_Task to carry out_. Look through the data below and return each line where "userSpaceOnUse" appears.

::::

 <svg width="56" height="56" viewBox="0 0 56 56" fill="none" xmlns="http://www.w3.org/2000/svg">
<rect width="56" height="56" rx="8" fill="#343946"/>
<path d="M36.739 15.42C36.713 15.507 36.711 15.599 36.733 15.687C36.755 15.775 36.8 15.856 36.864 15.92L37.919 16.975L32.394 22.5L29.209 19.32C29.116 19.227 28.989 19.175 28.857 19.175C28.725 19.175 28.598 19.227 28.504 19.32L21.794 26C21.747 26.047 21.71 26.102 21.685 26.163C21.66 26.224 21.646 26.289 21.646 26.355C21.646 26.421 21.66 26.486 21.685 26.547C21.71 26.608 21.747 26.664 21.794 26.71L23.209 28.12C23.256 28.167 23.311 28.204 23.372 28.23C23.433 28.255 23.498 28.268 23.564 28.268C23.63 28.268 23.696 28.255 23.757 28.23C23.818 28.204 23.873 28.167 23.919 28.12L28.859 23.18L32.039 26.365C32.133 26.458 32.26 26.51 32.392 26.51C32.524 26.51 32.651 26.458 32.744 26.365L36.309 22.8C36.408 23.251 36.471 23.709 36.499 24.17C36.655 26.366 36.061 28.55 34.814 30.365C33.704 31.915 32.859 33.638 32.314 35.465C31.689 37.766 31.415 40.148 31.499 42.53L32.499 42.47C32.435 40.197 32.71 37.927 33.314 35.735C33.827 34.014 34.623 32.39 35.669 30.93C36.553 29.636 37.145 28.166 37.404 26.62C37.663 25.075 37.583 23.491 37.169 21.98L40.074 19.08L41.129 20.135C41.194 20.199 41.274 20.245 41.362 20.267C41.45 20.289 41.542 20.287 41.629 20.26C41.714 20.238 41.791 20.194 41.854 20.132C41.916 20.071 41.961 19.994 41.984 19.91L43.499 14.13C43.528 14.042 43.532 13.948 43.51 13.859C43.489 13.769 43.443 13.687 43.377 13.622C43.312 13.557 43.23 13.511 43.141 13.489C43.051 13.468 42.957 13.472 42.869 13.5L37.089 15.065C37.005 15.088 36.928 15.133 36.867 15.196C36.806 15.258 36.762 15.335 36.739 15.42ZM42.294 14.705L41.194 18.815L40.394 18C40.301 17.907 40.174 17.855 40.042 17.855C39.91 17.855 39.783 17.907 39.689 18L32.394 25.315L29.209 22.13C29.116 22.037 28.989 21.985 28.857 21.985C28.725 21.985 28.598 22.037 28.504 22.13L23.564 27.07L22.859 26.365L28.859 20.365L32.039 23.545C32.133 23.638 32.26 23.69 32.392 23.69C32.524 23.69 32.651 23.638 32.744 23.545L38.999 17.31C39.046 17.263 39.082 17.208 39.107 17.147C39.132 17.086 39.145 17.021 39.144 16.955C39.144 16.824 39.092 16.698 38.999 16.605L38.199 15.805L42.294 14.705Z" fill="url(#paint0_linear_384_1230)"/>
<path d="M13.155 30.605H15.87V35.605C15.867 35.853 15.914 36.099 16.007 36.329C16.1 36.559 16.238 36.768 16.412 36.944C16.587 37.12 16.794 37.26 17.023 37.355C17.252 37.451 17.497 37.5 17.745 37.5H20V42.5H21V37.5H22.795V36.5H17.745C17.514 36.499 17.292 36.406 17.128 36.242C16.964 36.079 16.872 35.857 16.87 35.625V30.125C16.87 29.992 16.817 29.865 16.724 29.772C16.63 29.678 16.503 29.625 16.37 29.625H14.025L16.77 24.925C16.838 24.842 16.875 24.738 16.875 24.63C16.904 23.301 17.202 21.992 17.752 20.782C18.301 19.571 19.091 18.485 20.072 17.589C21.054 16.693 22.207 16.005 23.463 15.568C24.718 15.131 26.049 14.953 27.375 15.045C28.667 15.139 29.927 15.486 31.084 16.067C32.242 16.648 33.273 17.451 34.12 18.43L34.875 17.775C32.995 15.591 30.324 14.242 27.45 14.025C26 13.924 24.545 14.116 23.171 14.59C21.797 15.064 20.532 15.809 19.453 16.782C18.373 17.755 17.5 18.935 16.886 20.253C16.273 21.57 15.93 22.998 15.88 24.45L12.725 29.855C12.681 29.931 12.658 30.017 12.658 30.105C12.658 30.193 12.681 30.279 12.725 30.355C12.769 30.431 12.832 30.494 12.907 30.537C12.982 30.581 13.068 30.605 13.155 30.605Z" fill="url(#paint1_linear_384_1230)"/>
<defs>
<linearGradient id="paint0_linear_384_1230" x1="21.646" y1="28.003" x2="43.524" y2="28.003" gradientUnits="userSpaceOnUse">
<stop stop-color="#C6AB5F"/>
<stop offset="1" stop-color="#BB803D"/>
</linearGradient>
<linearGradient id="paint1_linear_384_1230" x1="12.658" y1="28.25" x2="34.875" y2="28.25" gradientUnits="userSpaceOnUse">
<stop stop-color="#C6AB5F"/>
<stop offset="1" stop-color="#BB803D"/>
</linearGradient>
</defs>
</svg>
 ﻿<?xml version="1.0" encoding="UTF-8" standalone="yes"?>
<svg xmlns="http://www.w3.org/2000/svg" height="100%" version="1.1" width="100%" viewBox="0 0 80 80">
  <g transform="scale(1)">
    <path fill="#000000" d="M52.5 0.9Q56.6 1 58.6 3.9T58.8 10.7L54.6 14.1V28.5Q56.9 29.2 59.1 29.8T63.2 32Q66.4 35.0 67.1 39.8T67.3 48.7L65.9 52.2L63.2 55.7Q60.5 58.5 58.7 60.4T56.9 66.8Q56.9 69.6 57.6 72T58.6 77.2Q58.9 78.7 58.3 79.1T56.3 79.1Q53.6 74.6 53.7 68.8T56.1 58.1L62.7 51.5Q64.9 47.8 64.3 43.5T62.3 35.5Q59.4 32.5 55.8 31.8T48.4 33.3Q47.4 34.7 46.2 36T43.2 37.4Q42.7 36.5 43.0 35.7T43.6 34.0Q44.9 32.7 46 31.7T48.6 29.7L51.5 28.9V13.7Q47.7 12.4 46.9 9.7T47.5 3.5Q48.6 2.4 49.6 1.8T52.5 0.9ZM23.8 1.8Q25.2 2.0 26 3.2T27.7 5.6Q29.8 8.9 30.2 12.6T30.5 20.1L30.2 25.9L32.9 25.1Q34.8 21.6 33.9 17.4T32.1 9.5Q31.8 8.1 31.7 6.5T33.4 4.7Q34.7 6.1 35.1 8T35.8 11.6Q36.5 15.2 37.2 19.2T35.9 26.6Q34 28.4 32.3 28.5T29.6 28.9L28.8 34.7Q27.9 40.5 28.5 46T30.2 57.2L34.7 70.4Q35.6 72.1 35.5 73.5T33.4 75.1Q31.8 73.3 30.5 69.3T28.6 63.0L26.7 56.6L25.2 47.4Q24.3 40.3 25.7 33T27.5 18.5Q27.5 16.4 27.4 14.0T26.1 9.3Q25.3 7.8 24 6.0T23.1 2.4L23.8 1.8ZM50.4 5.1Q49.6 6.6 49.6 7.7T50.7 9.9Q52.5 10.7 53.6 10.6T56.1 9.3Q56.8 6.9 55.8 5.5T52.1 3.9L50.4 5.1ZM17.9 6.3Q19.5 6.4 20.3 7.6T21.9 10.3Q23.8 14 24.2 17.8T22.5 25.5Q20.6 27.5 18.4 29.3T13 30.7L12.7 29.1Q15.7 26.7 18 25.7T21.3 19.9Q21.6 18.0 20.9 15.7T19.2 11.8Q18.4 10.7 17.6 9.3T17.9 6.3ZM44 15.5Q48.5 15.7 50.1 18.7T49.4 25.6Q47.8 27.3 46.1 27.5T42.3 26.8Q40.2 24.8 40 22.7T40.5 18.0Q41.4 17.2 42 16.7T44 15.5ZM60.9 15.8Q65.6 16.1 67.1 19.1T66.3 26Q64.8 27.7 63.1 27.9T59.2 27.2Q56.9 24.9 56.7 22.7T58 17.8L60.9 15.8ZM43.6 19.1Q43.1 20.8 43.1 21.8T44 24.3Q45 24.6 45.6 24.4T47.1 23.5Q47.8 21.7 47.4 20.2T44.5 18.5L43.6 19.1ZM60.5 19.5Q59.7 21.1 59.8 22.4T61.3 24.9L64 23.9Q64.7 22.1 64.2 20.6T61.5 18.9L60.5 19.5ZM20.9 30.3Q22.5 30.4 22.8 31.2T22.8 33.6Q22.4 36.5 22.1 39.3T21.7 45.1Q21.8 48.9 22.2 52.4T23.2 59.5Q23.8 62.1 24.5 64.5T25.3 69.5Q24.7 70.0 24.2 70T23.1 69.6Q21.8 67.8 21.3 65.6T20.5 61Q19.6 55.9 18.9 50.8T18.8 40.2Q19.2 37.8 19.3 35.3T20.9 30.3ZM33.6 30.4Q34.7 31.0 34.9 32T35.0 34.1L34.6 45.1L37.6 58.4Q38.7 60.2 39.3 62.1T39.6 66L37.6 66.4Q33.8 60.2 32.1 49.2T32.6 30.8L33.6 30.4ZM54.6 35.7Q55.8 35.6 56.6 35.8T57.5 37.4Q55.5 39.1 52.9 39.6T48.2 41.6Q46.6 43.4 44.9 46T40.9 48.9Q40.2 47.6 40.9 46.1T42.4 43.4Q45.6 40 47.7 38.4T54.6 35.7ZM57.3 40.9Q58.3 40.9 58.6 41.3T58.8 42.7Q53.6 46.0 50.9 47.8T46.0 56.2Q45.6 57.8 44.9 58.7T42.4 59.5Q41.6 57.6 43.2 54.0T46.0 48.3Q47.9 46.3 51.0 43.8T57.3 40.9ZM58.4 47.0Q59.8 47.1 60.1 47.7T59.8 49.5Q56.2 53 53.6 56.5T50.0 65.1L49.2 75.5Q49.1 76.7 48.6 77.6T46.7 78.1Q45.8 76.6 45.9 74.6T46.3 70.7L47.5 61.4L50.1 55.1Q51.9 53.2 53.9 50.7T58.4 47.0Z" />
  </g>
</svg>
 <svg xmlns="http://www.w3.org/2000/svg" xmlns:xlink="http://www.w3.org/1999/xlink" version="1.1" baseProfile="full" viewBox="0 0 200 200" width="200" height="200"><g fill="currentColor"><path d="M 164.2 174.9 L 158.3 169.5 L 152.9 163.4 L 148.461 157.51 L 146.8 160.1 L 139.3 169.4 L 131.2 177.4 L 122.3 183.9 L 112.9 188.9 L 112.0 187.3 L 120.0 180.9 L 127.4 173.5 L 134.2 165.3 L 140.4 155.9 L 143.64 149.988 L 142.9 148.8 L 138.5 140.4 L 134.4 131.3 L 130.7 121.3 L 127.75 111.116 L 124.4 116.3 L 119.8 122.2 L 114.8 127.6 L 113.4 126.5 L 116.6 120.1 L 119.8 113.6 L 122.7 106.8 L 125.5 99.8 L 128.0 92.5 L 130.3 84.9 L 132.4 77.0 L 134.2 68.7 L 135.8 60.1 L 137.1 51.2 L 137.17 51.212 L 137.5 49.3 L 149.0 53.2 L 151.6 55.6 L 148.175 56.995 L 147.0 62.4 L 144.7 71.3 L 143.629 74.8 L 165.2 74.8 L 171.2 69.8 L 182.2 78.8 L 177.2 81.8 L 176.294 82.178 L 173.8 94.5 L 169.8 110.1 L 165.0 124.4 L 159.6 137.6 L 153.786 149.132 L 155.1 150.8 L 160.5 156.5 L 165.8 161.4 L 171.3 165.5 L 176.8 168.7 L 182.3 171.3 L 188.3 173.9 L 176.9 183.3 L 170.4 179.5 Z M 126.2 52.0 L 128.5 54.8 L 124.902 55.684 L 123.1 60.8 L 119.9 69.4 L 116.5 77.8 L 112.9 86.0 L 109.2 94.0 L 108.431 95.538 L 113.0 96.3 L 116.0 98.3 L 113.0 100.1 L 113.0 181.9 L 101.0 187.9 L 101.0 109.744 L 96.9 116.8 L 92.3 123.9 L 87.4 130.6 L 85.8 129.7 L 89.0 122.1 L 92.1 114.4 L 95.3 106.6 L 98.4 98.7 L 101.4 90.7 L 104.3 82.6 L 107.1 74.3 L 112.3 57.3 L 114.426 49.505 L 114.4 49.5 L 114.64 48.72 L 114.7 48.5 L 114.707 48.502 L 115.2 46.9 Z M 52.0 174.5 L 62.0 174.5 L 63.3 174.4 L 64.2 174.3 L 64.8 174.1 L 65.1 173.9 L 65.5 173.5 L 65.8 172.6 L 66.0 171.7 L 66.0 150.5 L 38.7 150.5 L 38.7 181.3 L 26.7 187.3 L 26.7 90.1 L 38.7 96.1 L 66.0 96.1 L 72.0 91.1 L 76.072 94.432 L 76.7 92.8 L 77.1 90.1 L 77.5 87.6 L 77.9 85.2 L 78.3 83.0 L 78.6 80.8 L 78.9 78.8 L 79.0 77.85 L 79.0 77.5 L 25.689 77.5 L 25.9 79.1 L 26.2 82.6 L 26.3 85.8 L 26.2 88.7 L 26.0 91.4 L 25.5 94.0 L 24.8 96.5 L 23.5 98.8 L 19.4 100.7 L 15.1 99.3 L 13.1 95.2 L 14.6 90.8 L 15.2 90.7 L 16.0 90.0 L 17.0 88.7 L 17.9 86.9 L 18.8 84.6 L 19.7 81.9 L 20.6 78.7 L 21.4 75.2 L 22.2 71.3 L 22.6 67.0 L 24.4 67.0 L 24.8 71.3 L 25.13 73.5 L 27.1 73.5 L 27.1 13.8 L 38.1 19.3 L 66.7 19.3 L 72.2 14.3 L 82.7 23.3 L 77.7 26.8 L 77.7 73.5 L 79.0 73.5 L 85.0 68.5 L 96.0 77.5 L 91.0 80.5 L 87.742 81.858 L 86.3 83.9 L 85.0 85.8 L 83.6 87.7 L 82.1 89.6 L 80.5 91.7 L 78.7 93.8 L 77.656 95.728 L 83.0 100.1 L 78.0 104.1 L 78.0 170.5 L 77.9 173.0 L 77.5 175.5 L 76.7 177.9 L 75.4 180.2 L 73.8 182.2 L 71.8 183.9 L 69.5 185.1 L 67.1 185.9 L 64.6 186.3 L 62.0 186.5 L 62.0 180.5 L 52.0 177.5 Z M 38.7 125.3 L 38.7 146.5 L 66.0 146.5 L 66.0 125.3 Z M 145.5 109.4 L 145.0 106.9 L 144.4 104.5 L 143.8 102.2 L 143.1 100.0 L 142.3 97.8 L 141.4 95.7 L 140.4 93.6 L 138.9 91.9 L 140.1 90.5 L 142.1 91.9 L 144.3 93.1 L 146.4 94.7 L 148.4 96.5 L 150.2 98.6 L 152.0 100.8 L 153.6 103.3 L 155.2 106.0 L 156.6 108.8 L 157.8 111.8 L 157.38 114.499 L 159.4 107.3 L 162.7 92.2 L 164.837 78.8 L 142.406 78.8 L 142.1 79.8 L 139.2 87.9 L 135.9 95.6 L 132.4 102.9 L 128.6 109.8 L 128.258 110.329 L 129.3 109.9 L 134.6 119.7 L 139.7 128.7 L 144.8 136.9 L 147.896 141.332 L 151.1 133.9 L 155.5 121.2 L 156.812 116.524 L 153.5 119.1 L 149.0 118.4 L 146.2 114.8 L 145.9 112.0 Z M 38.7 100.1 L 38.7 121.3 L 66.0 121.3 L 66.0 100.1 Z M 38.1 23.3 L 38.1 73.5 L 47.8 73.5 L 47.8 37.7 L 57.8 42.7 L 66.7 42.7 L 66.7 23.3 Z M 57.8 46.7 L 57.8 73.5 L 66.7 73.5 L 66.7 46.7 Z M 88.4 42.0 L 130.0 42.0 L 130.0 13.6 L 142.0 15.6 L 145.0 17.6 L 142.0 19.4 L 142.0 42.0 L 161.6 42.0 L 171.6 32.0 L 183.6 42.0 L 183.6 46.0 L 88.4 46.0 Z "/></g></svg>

::::

_Completed task_.
<linearGradient id="paint0_linear_384_1230" x1="21.646" y1="28.003" x2="43.524" y2="28.003" gradientUnits="userSpaceOnUse">
<linearGradient id="paint1_linear_384_1230" x1="12.658" y1="28.25" x2="34.875" y2="28.25" gradientUnits="userSpaceOnUse">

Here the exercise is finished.